Note that you don't have to wait until all partitions are re-synced servers can be on-line and in production while syncing is in progress: no data will be lost and eventually all drives will become synchronized.
Rebuild speed
If you need for whatever reason to reduce rebuild speed you can do it by doing the following (10mb/s in the example):
echo 10000 > /proc/sys/dev/raid/speed_limit_max
And to increase it (50mb/s) :
echo 50000 > /proc/sys/dev/raid/speed_limit_min
In theory, the rebuilding process has a low priority so it will ajust to disk usage. For example, if you are running a i/o intensive process, the rebuild speed will be decreased automatically to almost nothing (eg 1mb/s). There is situations where you need to manually ajust rebuilding speed, especially with virtualization.
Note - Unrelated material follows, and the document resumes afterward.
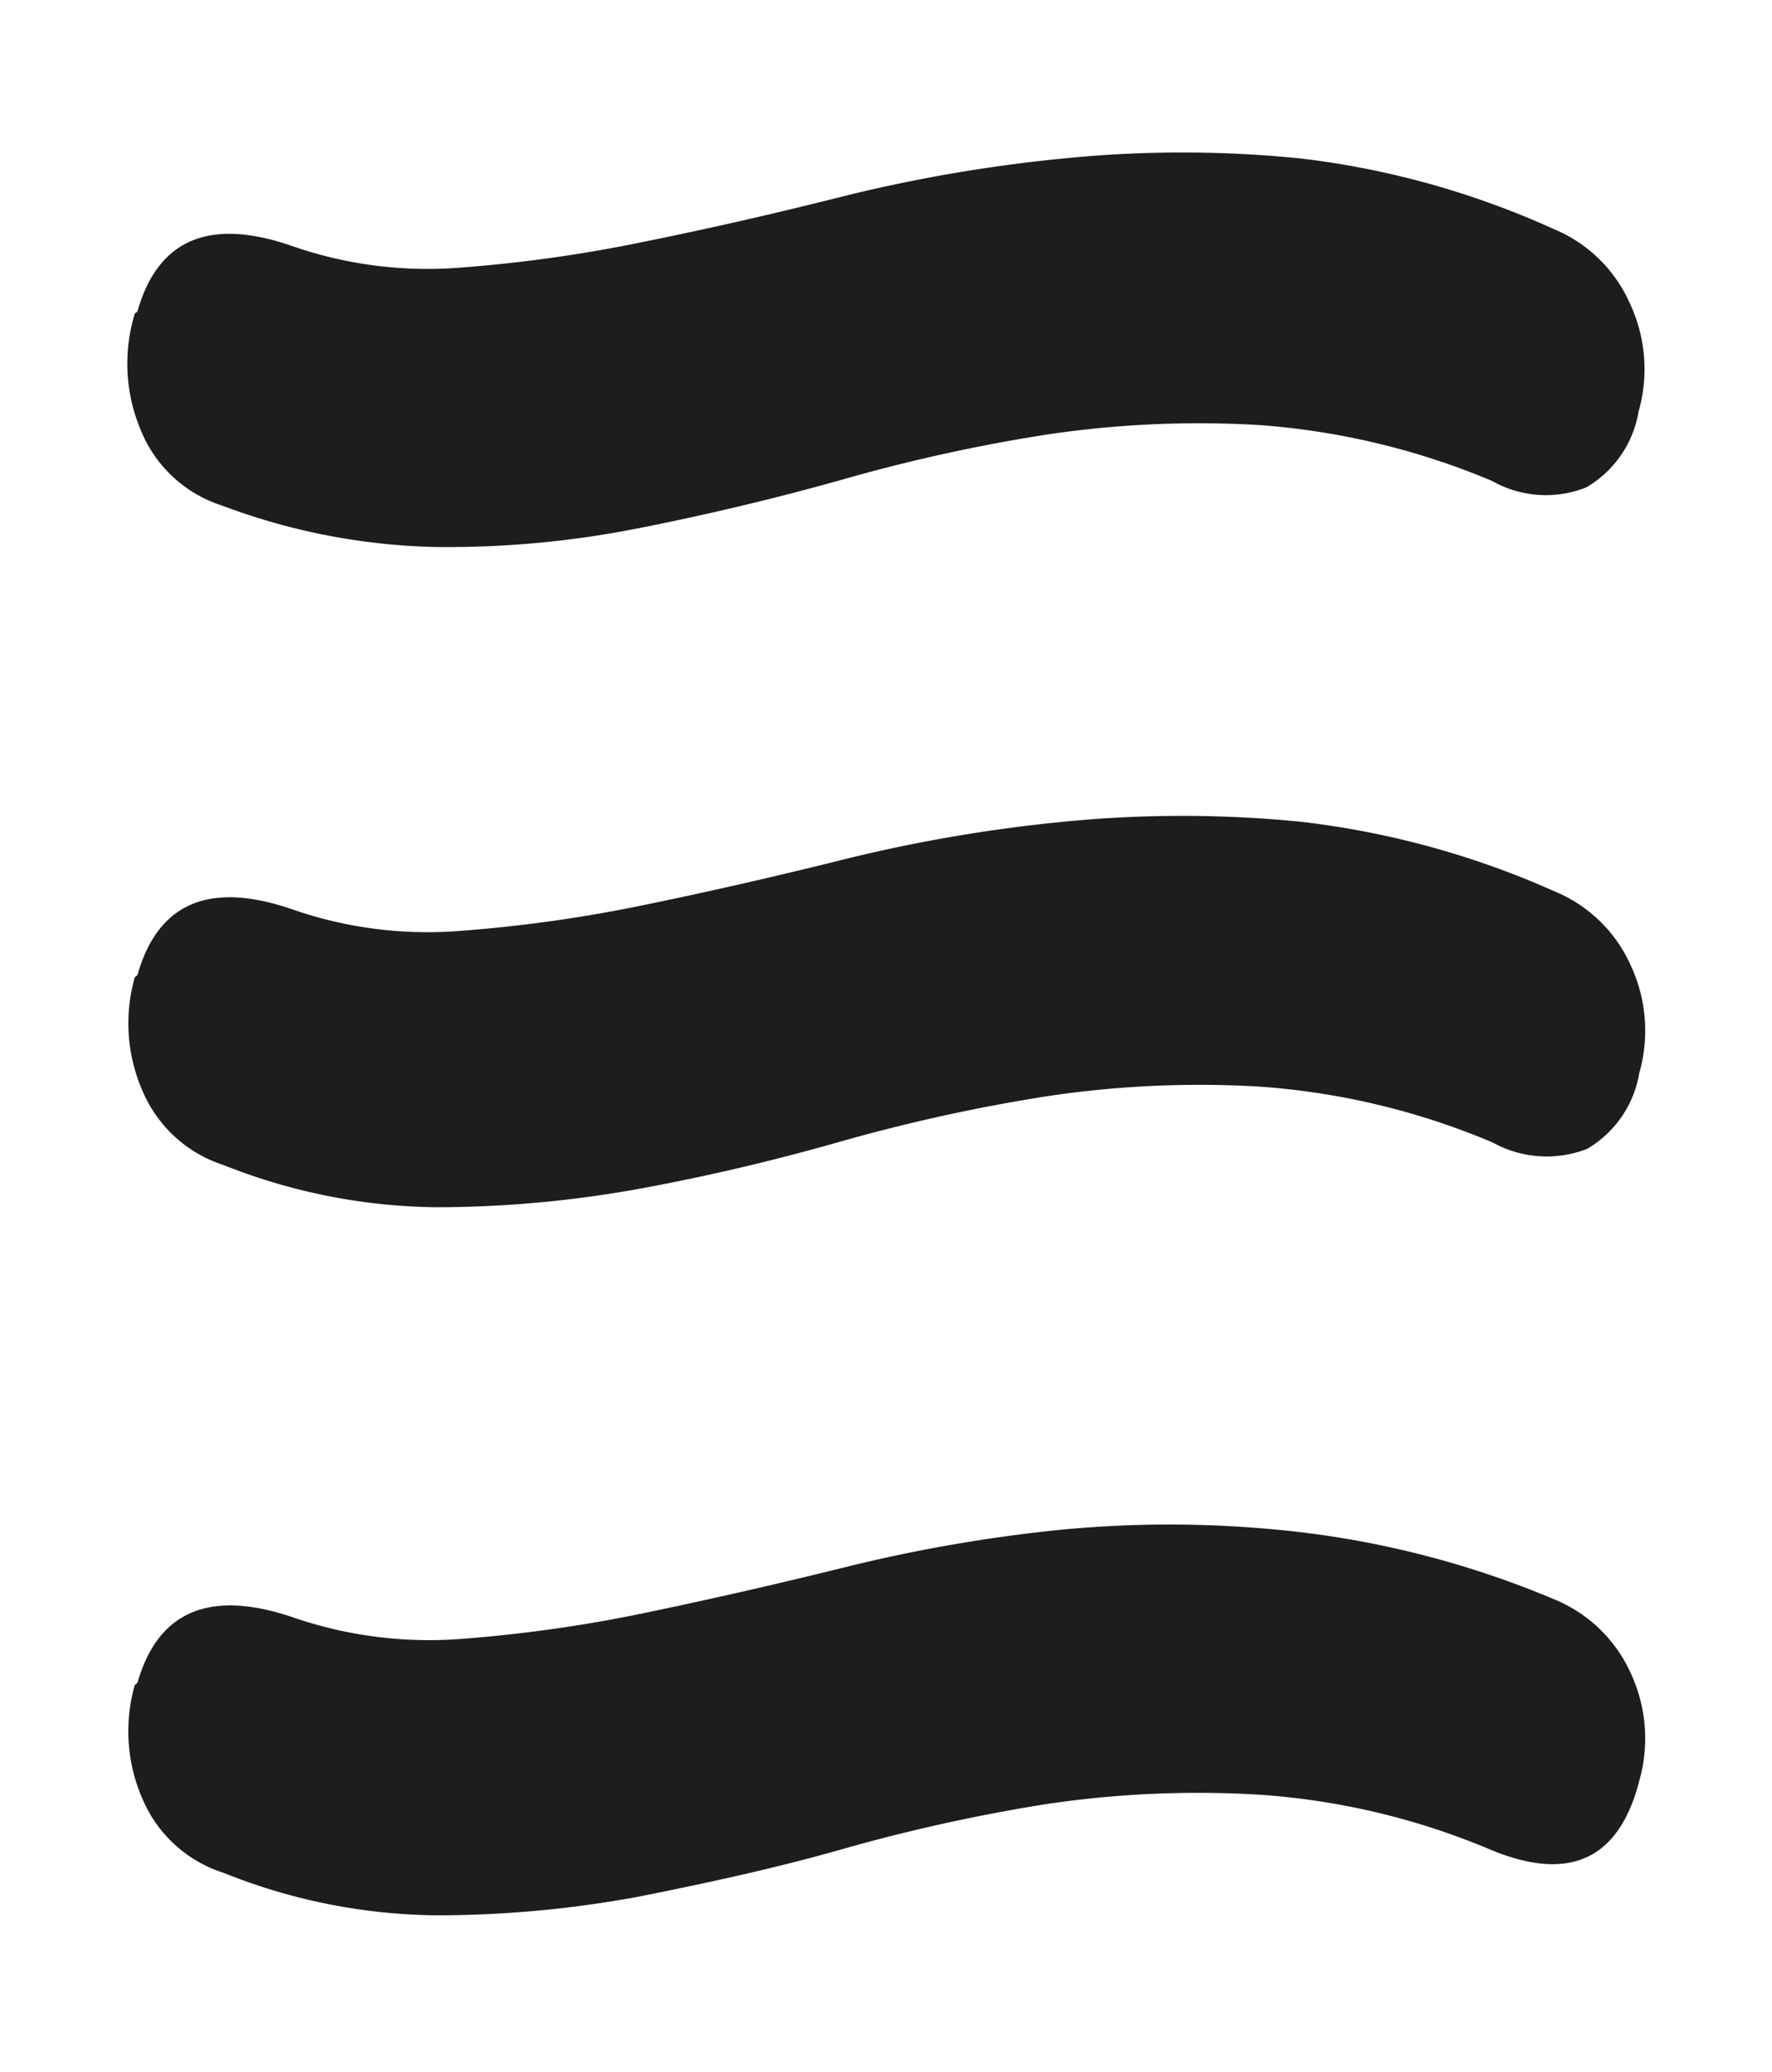 <?xml version="1.0" encoding="UTF-8"?> <svg xmlns="http://www.w3.org/2000/svg" id="Слой_1" data-name="Слой 1" viewBox="0 0 52.6 61.48"> <defs> <style>.cls-1{fill:#1d1d1b;}</style> </defs> <title>navode</title> <path class="cls-1" d="M4.08,9.24Q5,6,8.73,7.32a12.22,12.22,0,0,0,4.94.62,42.33,42.33,0,0,0,5.46-.77q2.88-.58,6-1.37a45.57,45.57,0,0,1,6.46-1.1,35,35,0,0,1,7,0A25.34,25.34,0,0,1,46.13,6.8,4.24,4.24,0,0,1,48.38,9a4.59,4.59,0,0,1,.26,3.21,3.22,3.22,0,0,1-1.55,2.25,3.24,3.24,0,0,1-2.8-.19,21.87,21.87,0,0,0-6.94-1.66,30.46,30.46,0,0,0-6.38.3,50.23,50.23,0,0,0-6,1.33q-3,.84-6,1.43a29.12,29.12,0,0,1-6.05.56A19.09,19.09,0,0,1,6.59,15a3.87,3.87,0,0,1-2.4-2.21A5.08,5.08,0,0,1,4,9.31Zm0,19.69Q5,25.69,8.73,27a12.22,12.22,0,0,0,4.94.62,42.33,42.33,0,0,0,5.46-.77q2.88-.59,6-1.37a45.57,45.57,0,0,1,6.46-1.1,35.75,35.75,0,0,1,7,0,25.67,25.67,0,0,1,7.56,2.07,4.24,4.24,0,0,1,2.25,2.18,4.58,4.58,0,0,1,.26,3.21,3.22,3.22,0,0,1-1.55,2.25,3.31,3.31,0,0,1-2.8-.19,21.6,21.6,0,0,0-6.94-1.66,30.46,30.46,0,0,0-6.38.3,52.19,52.19,0,0,0-6,1.32q-3,.86-6,1.41a33.87,33.87,0,0,1-6.05.55,17.52,17.52,0,0,1-6.3-1.25,3.91,3.91,0,0,1-2.4-2.18A5,5,0,0,1,4,29Zm0,21Q5,46.72,8.73,48a12.4,12.4,0,0,0,4.94.63,42.33,42.33,0,0,0,5.46-.77c1.92-.4,3.91-.85,6-1.37a45.57,45.57,0,0,1,6.46-1.11,33.67,33.67,0,0,1,7,.08,27.87,27.87,0,0,1,7.56,2,4.26,4.26,0,0,1,2.25,2.17,4.59,4.59,0,0,1,.26,3.21q-.89,3.47-4.35,2.07a21.34,21.34,0,0,0-6.94-1.66,30.47,30.47,0,0,0-6.38.29,52.22,52.22,0,0,0-6,1.33c-2,.57-4,1-6,1.4a33,33,0,0,1-6.05.56,17.33,17.33,0,0,1-6.3-1.26,3.89,3.89,0,0,1-2.4-2.17A5,5,0,0,1,4,50Z"></path> </svg>

It happend once that my Xen host decided to check arrays and my Xen VM became unreponsive, the fix was simply to decrease rebuild speed manually.
Array restoration
Let say you have 2 partitions that are RAID array from a previous installation or whatever the case may be and you want to restore them. Simply do :
mdadm --assemble /dev/md0 /dev/sda1 /dev/sdb1
Mdadm email notifications when a drive failed
Simply edit mdadm.conf :
vi /etc/mdadm/mdadm.conf
... and add a MAILADDR line (with your email address) to the file, e.g. like this:
[...] MAILADDR you@yourdomain.com [...]
and restart mdadm
/etc/init.d/mdadm restart
/dev/md0 appear as /dev/md_d0 after reboot
I've recently had a little problem under Ubuntu. After creating an array (eg md0), I would reboot and it would reappear as /dev/md_d0. This is due to mdadm.conf not having the proper arrays UUID. It can be solved by doing the following :
- Stop the array
- Auto detect arrays
- Rewrite mdadm.conf
- Update initramfs
mdadm --stop /dev/md_d0
mdadm --auto-detect/usr/share/mdadm/mkconf force-generate /etc/mdadm/mdadm.conf
update-initramfs -uSummary
Linux software RAID is far more cost effective and flexible than hardware RAID, though it is more complex and requires manual intervention when replacing drives. In most situations, software RAID performance is as good (and often better) than an equivalent hardware RAID solution, all at a lower cost and with greater flexibility. When all you need are mirrored drives, software RAID is often the best choice.